Avec à la clé un jackpot pour ceux qui atteignent l’apothéose (7,5 millions de dollars pour le gagnant, 4,5 pour le finaliste) et des particularités de planning spécifiques : calendrier de la compétition étalé sur neuf mois et extensible afin de s’adapter aux échéances africaines et asiatiques des clubs concernés, dates des matchs aller et retour d’une confrontation fixées suite des négociations entre les clubs, au cas par cas. Insolite, avec parfois un tour qui s’étend sur un mois et demi, mais adaptatif. Cela n’a pas empêché certains mastodontes, sujets à des trous d’air fréquents sur une période à cheval sur deux saisons, de connaitre des déconvenues, comme l’Espérance de Tunis, éliminée (1-1, 2-2) à un stade précoce de la compétition au cœur de sa crise de septembre 2018 par l’Ittihad Alexandrie, ou encore Al Ahly, qui a dû jouer ses deux matchs du deuxième tour contre les Émiratis d’Al Wasl respectivement avant et après sa finale de C1 Africaine, et s’est fait surprendre (1-1, 2-2).

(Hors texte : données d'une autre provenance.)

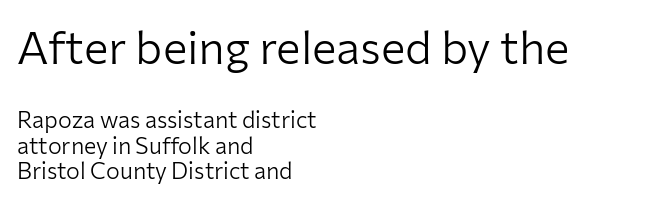
The image shows 46 px light sans-serif type, upright; set left-aligned, tight line spacing (1.1x), normal letter spacing, not underlined; the first (top) block is 2.0x larger; low stroke contrast and a medium x-height.
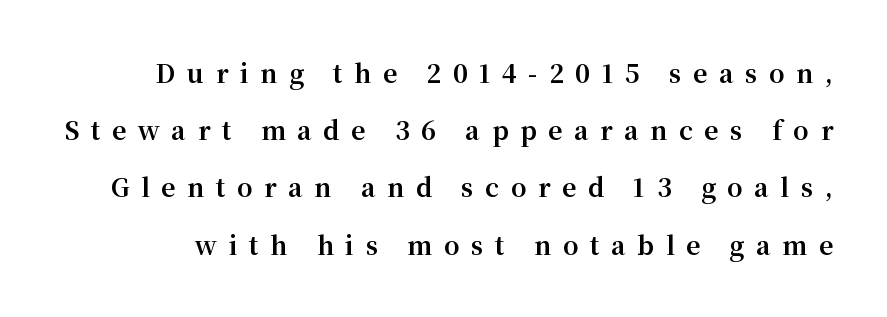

Dans ce long marathon comportant deux jalons (tirage au sort des huitièmes, tirage au sort intégral quarts jusqu’à finale) l’Étoile du Sahel s’est frayée un chemin sans fracas, sans être déstabilisée ni par ses deux changements d’entraîneur ni par son échec en C1 Africaine 2018 en éliminant tour à tour les deux géants de Casablanca : d’abord le Wydad en huitième, dans un bras de fer fermé (0-0 puis un 1-0 au forceps par un froid et anonyme jeudi soir de novembre) ; puis le Raja en quart, avec un match aller tactiquement géré de main de maître à Rabat (0-2) à peine assombri par une défaite non dommageable (0-1) à Sousse au retour. Encore dans le coup en C3 Africaine et en championnat, les hommes de Roger Lemerre manquent clairement de puissance de feu offensive, à l’image de la nouvelle recrue algérienne Laribi, qui connaît des débuts très difficiles. Mais avec les quelques satisfactions (le profil intéressant du vénézuélien Darwin Jesús González, l’émergence du jeune Baayou dans l’entrejeu, la belle alchimie Kechrida-Hannechi) et un vécu tactique hérité de l’histoire africaine du club transposable (surtout pour les plus expérimentés de l’effectif) à d’autres compétitions internationales telle que la coupe arabe, l’ESS se retrouve à trois matchs d’un trophée qui embellirait non seulement le bilan de sa saison mais représenterait également son succès le plus significatif depuis le dernier triomphe africain de 2015.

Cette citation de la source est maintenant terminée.